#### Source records
+===+

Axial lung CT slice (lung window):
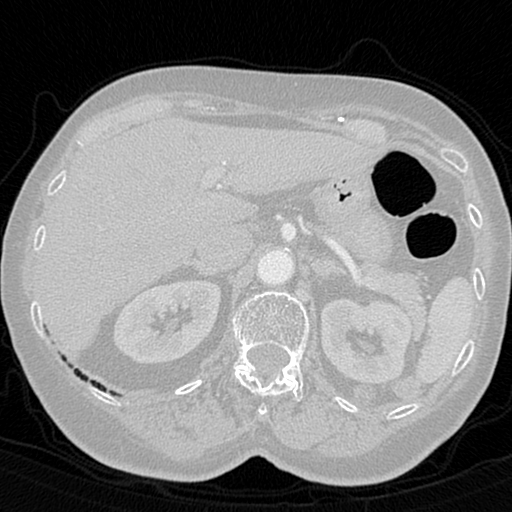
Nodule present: no
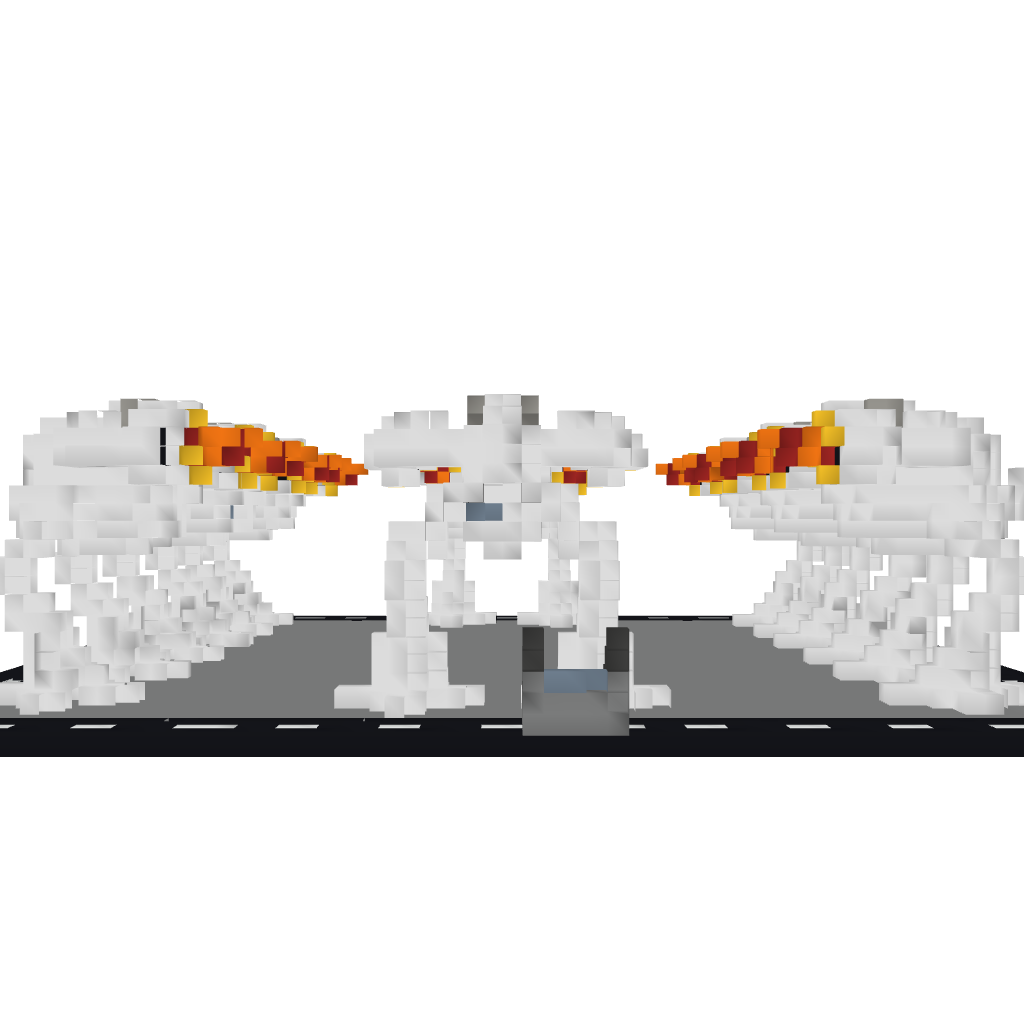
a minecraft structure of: MechWarriors
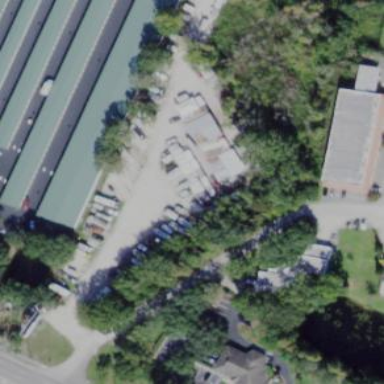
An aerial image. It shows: White building with flat roof colored green. It operates as storage rental shop.
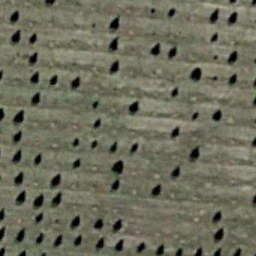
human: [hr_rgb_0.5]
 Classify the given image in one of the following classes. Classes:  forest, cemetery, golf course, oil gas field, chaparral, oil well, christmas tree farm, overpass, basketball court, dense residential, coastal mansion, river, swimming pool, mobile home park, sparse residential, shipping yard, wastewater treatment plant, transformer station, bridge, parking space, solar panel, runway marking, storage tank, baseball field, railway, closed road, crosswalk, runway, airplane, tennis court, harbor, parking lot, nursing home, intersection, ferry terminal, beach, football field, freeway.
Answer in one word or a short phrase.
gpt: christmas tree farm
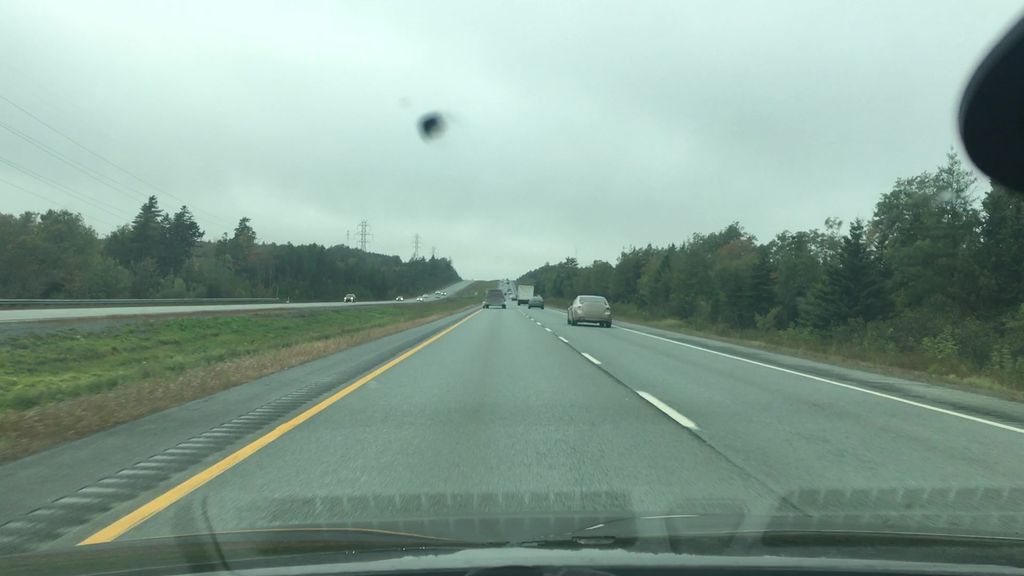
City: halifax
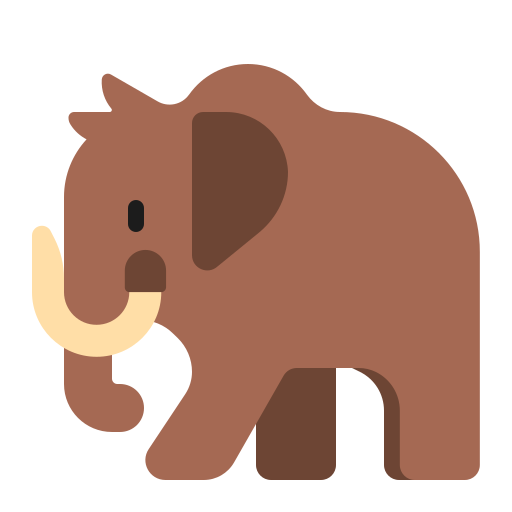
mammoth flat
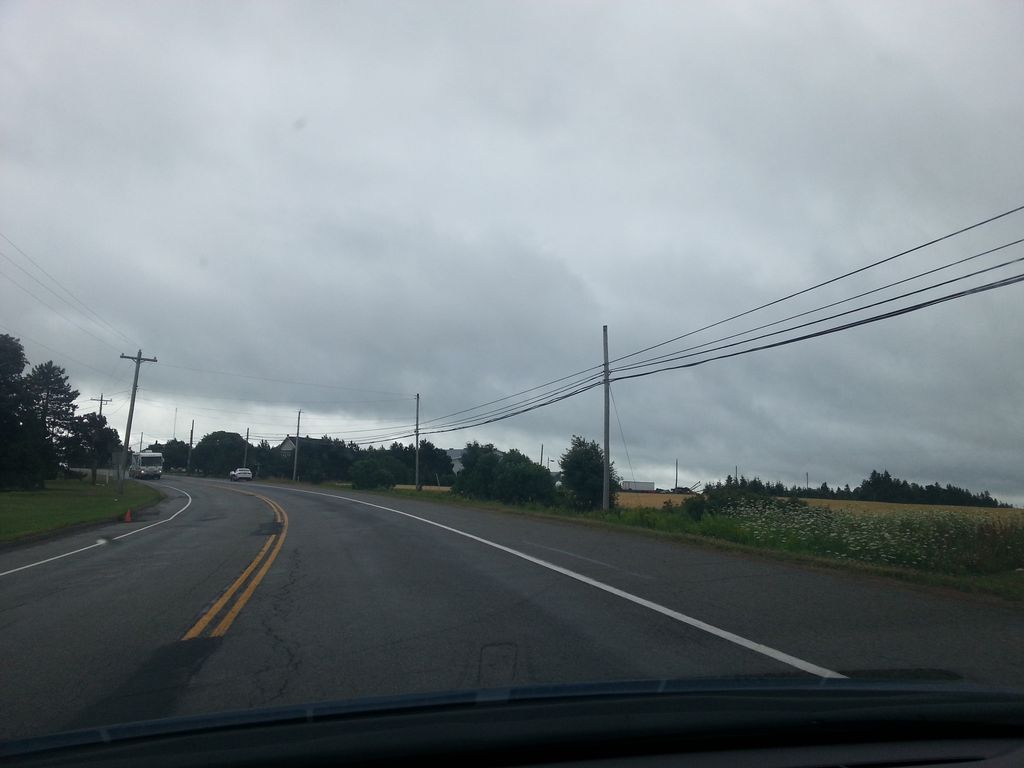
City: charlottetown
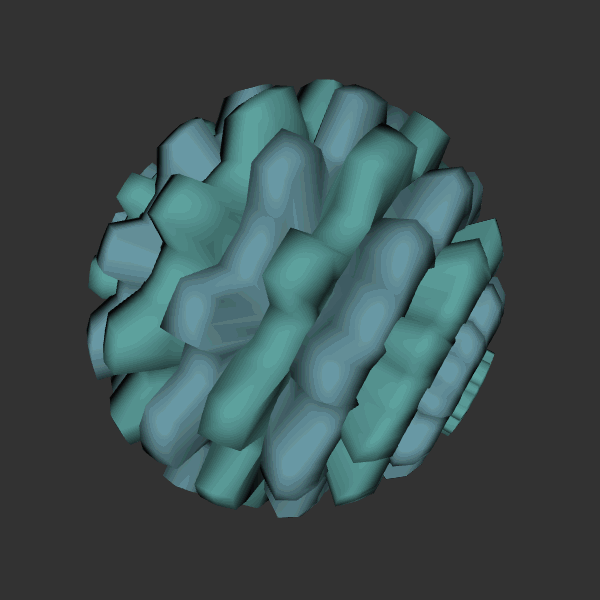
Background: dark
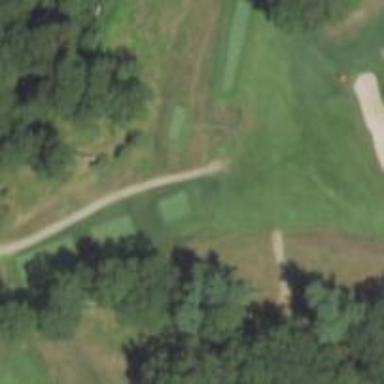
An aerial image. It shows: Path used for both walking and golf.
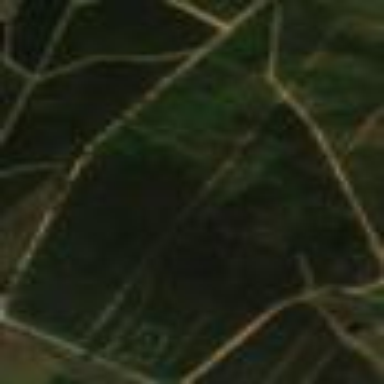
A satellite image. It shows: Orchard filled with olive trees.
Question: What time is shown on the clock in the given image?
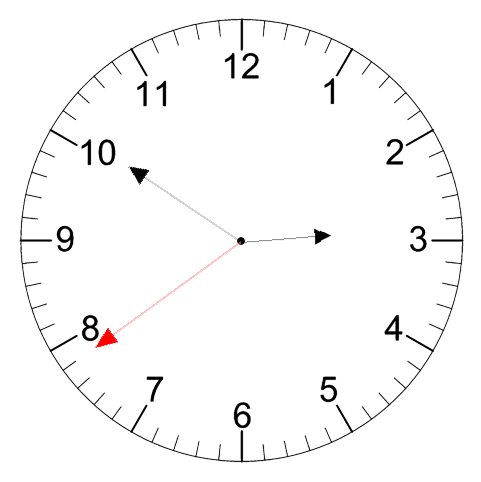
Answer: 02:50:39
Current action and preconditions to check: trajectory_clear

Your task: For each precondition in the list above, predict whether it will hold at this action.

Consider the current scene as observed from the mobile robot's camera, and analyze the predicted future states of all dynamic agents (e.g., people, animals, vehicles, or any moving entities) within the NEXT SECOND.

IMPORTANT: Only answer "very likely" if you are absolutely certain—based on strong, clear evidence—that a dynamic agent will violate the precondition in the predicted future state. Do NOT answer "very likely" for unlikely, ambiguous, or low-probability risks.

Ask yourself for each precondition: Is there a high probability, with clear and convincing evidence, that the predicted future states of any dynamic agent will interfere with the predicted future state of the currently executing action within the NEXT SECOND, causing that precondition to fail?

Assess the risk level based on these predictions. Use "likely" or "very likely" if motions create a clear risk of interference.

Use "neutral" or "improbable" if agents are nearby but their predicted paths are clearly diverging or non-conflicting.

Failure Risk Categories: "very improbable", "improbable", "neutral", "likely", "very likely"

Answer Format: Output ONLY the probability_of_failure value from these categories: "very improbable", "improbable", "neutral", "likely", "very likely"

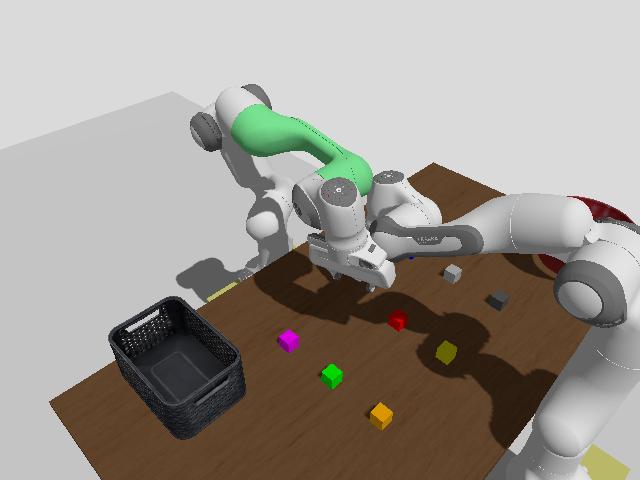

Answer: likely
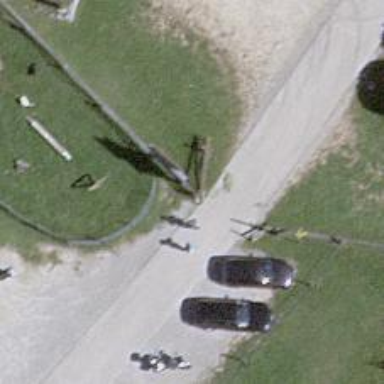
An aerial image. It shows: Guidepost providing information.
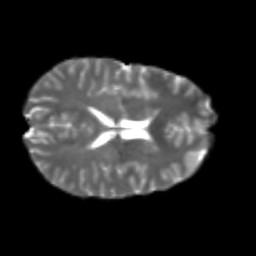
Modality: T2w
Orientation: axial
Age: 21
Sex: female
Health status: healthy
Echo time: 0.074 s
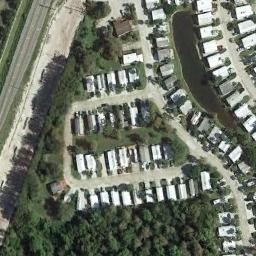
Label: residential
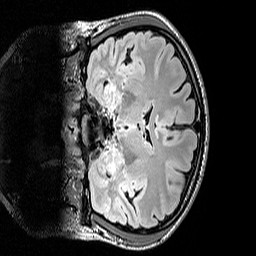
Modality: FLAIR
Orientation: coronal
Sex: female
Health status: ill
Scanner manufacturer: siemens
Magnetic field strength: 3 T
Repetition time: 5 s
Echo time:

+===+

#### REQUIRED ACTION
Answer with the number alone after working out how many lines in the records contain the string "christmas".

#### PROBLEM SOLUTION
2